O romance, originalmente publicado em França no ano 2000, chegou às livrarias portugueses no mês passado, com tradução de Maria Etelvina Santos e edição da Livros do Brasil. É um livro de fundo autobiográfico (um dos traços fundamentais da escrita da autora), cruzando experiência pesssoal com retrato social, dado que a obra parte das memórias de um aborto feito por Ernaux em 1963, numa altura em que a interrupção voluntária da gravidez era ilegal no seu país.

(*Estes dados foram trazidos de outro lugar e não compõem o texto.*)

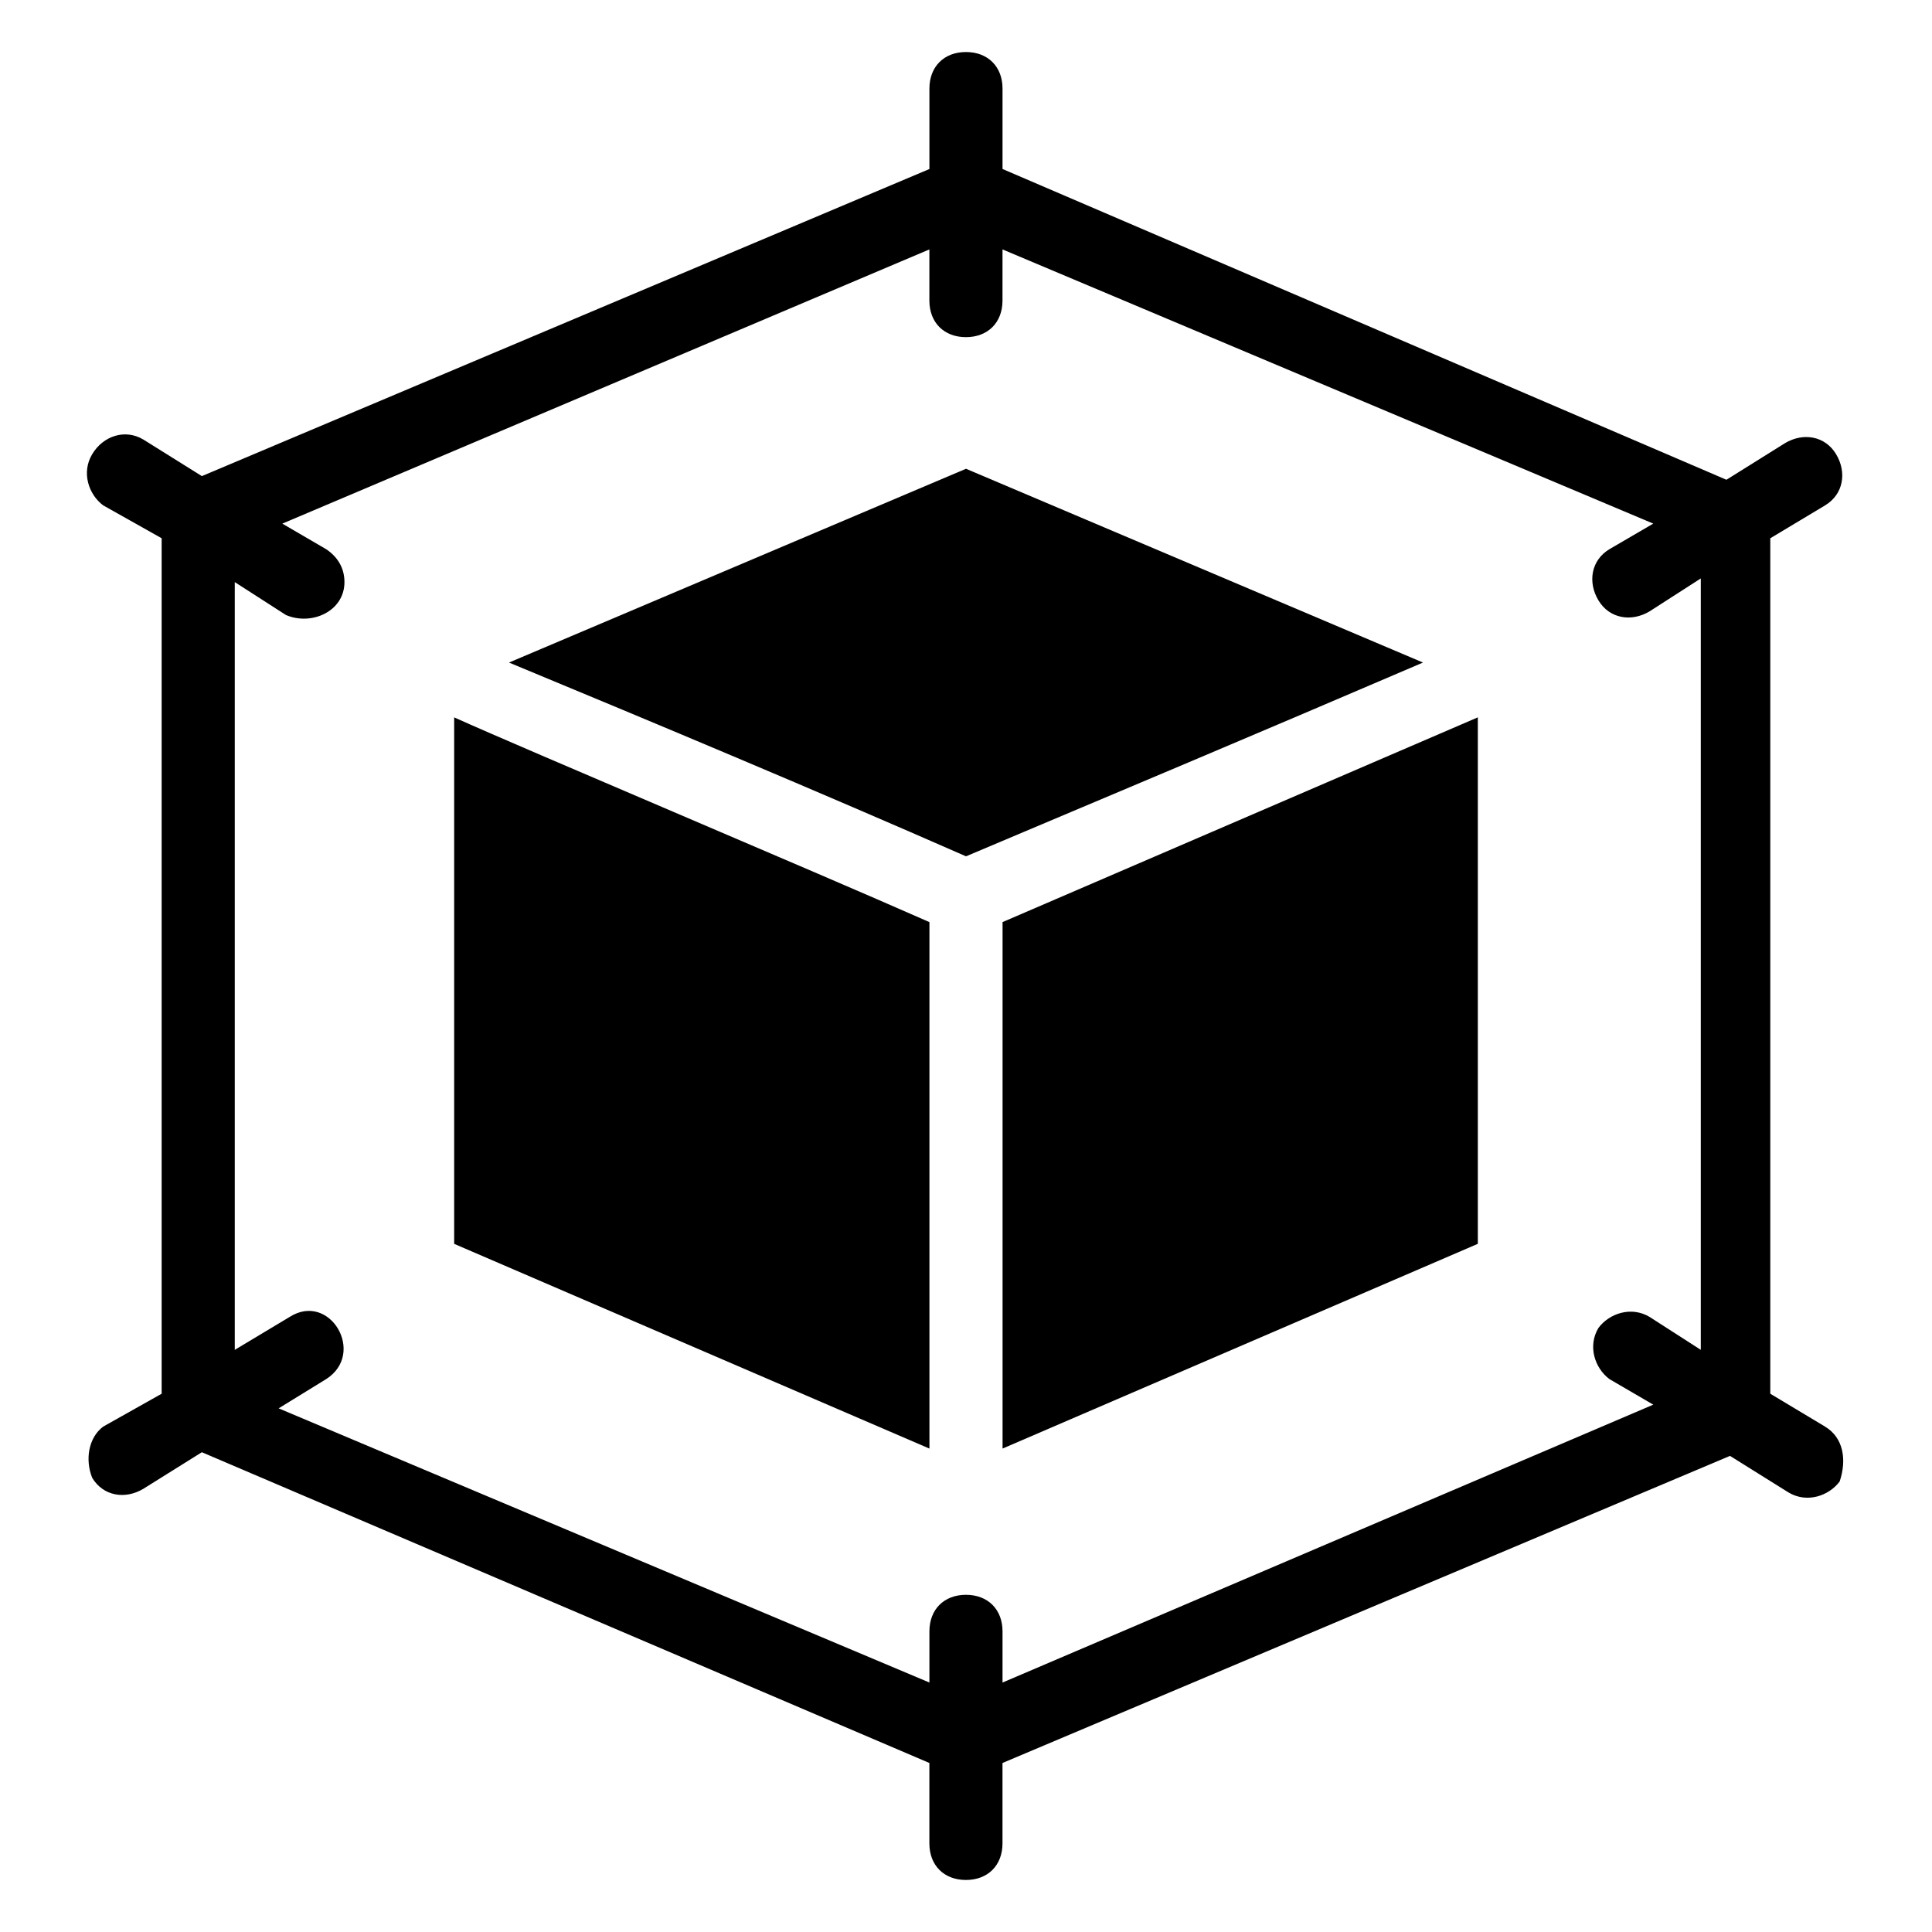 <?xml version="1.0" encoding="UTF-8"?>
<!-- Uploaded to: ICON Repo, www.iconrepo.com, Generator: ICON Repo Mixer Tools -->
<svg fill="#000000" width="800px" height="800px" version="1.1" viewBox="144 144 512 512" xmlns="http://www.w3.org/2000/svg">
 <g>
  <path d="m400 268.23 121.11 51.352c-47.473 20.348-77.508 32.941-121.11 51.352-39.723-17.441-81.383-34.879-121.11-51.352zm-135.64 65.883c19.379 8.719 93.012 39.723 125.95 54.258v139.52l-125.95-54.258zm145.33 193.77v-139.52l125.95-54.258v139.52z"/>
  <path d="m627.68 522.07-14.535-8.719v-226.71l14.531-8.719c4.844-2.906 5.812-8.719 2.906-13.562s-8.719-5.812-13.562-2.906l-15.5 9.688-191.84-82.355v-21.312c0-5.812-3.875-9.688-9.688-9.688s-9.688 3.875-9.688 9.688v21.316l-192.81 81.383-15.5-9.688c-4.844-2.91-10.656-0.973-13.562 3.875-2.906 4.844-0.969 10.656 2.906 13.562l15.5 8.719v226.71l-15.5 8.719c-3.875 2.906-4.844 8.723-2.906 13.566 2.906 4.844 8.719 5.812 13.562 2.906l15.5-9.688 192.8 82.352v21.316c0 5.812 3.875 9.688 9.688 9.688s9.688-3.875 9.688-9.688v-21.316l192.8-81.383 15.5 9.688c4.844 2.906 10.656 0.969 13.562-2.906 1.945-5.812 0.977-11.629-3.867-14.535zm-218 67.82v-13.562c0-5.812-3.875-9.688-9.688-9.688s-9.688 3.875-9.688 9.688v13.562l-172.46-72.664 12.594-7.75c10.656-6.781 0.969-23.254-9.688-16.469l-14.531 8.719v-203.46l13.562 8.719c6.781 2.906 15.504-0.969 15.504-8.719 0-3.875-1.938-6.781-4.844-8.719l-11.625-6.781 171.48-72.668v13.562c0 5.812 3.875 9.688 9.688 9.688s9.688-3.875 9.688-9.688l0.004-13.562 172.46 72.664-11.625 6.781c-4.844 2.906-5.812 8.719-2.906 13.562s8.719 5.812 13.562 2.906l13.562-8.719v204.43l-13.562-8.719c-4.844-2.906-10.656-0.969-13.562 2.906-2.906 4.844-0.969 10.656 2.906 13.562l11.625 6.781z"/>
 </g>
</svg>

A capa de “O Acontecimento”, de Annie Ernaux

Desci até Barbès. Como da última vez, havia grupos de homens à espera junto ao metro de superfície. Algumas pessoas caminhavam pelo passeio com sacos cor-de-rosa dos armazéns Tati. Segui pelo boulevard Magenta, reconheci as lojas Billy, com os anoraques pendurados do lado de fora. Uma mulher caminhava na minha direção, meias pretas com grandes motivos de fantasia nas pernas gordas. A rua Ambroise-Paré estava quase deserta até perto do hospital. Caminhei ao longo do corredor abobadado do pavilhão Elisa. Da primeira vez não tinha reparado num quiosque de música no pátio que ladeia o corredor envidraçado. Perguntava a mim própria como voltaria a olhar para tudo isto quando estivesse de saída. Empurrei a porta com o número 15 e subi os dois andares. Na receção do serviço de despistagem, entreguei o cartão com o meu número. A mulher procurou num ficheiro e tirou um envelope de papel kraft com vários papéis dentro. Estendi a mão, mas ela não mo entregou. Colocou-o em cima da secretária e disse-me para me ir sentar, que me chamariam.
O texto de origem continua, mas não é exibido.